Subjects underwent sputum induction and bronchoalveolar lavage (BAL). Gram, Ziehl-Neelsen, silver stain (SS) and immunofluorescense staining (IF) for P. jiroveci, fluorescent stain for mycobacteria, PCR for P. jiroveci and M. tuberculosis, aerobic, fungal and mycobacterial cultures, respiratory viruses and CMV cultures were performed on the sputum and BAL. IgM for Mycoplasma pneumoniae and Chlamydophyla pneumoniae, and Legionella pneumophila urinary antigen were also obtained.

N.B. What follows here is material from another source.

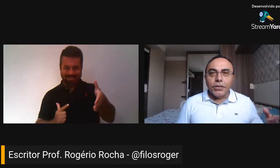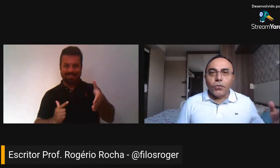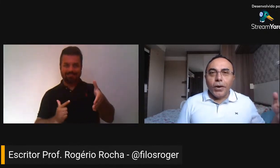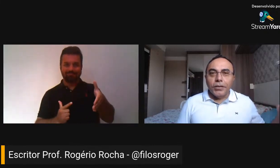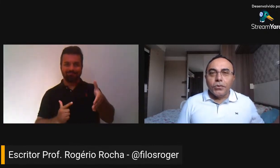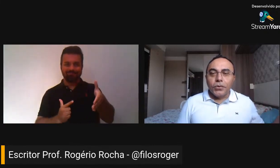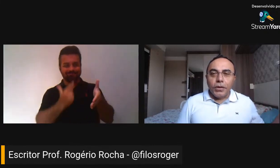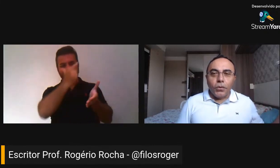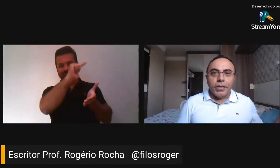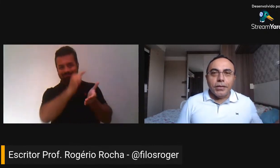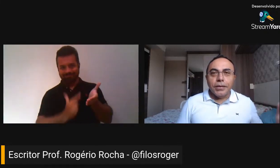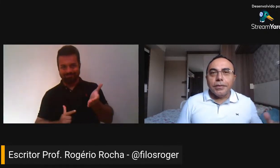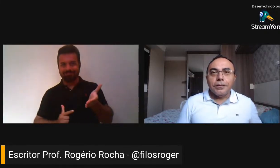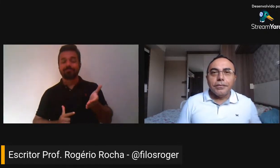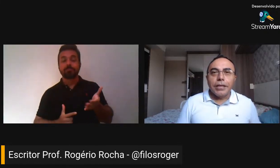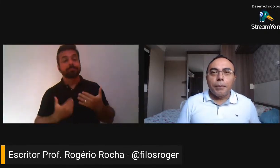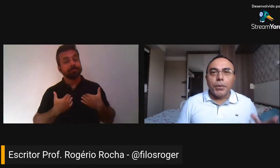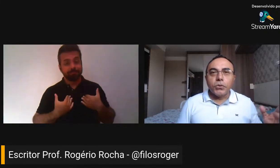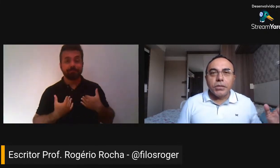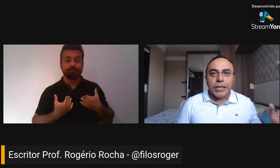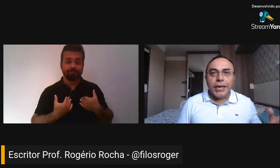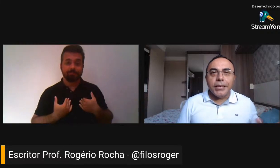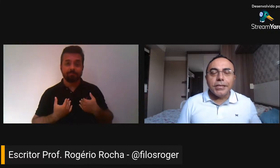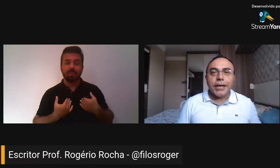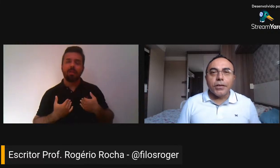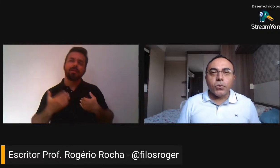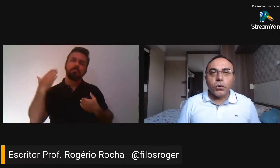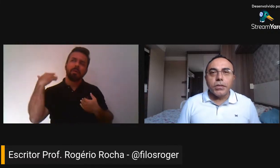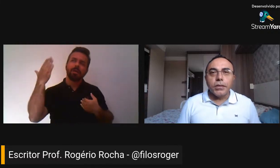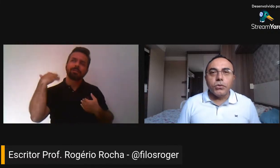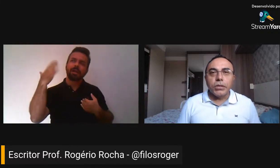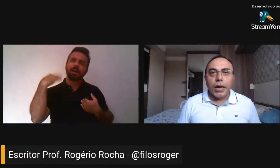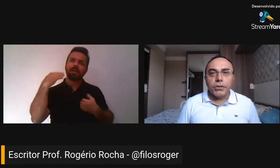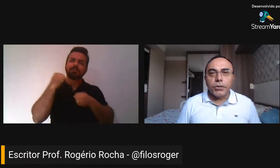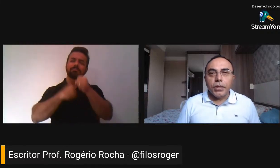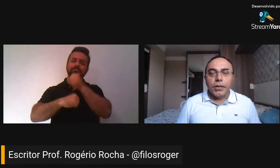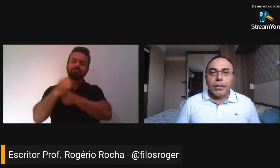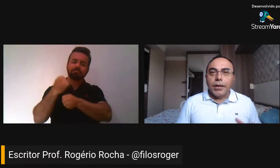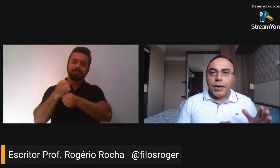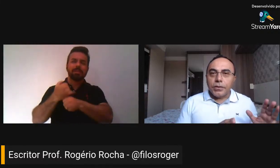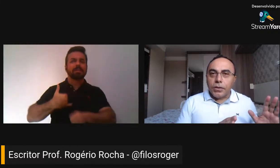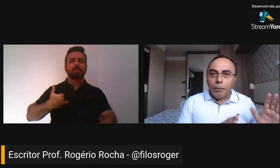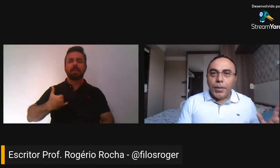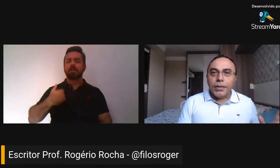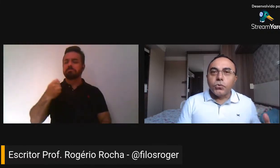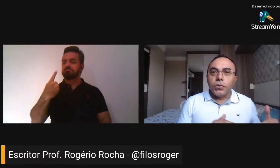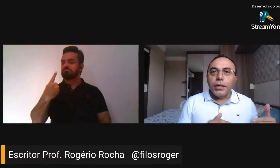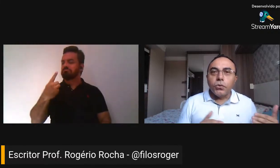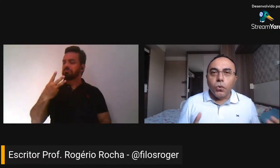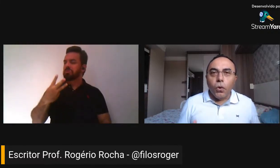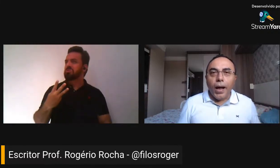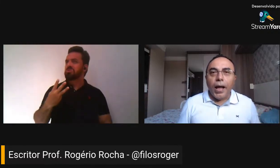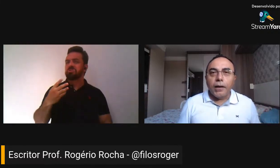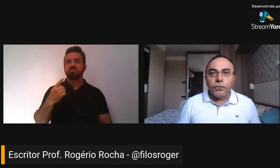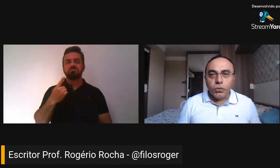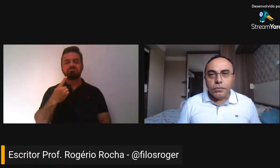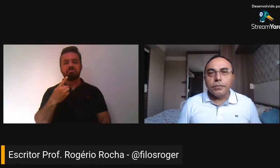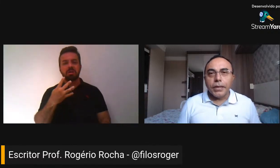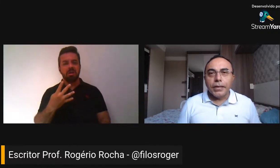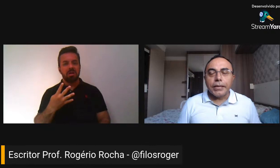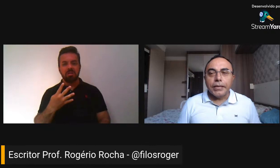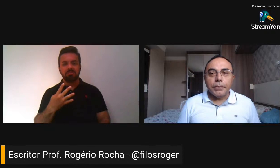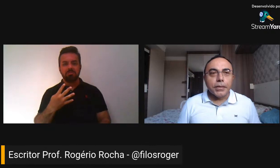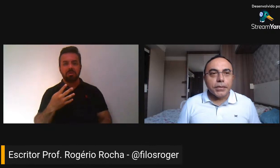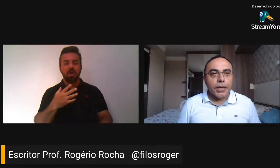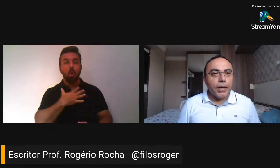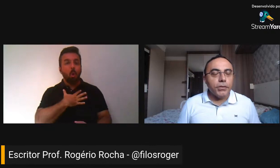desde quando eu ainda lá pelos 13, 14 anos de idade, era apenas um leitor ávido

Sixty patients were included. An etiologic diagnosis was made in 97%. Pneumocystis jiroveci was the most frequent etiology (58%) followed by Streptococcus pneumoniae (12%), and Mycobacterium avium complex (12%). Mycobacterium tuberculosis was found in 5%.


The comparison of diagnostic methods for P. jiroveci showed a higher sensitivity of IF and SS in BAL than in sputum, however PCR was equally sensitive in both samples. With this approach a precise etiologic diagnosis was reached in the great majority of patients. The most common etiology was P. jiroveci. IF in BAL remains the gold standard for diagnosis of P. jiroveci pneumonia.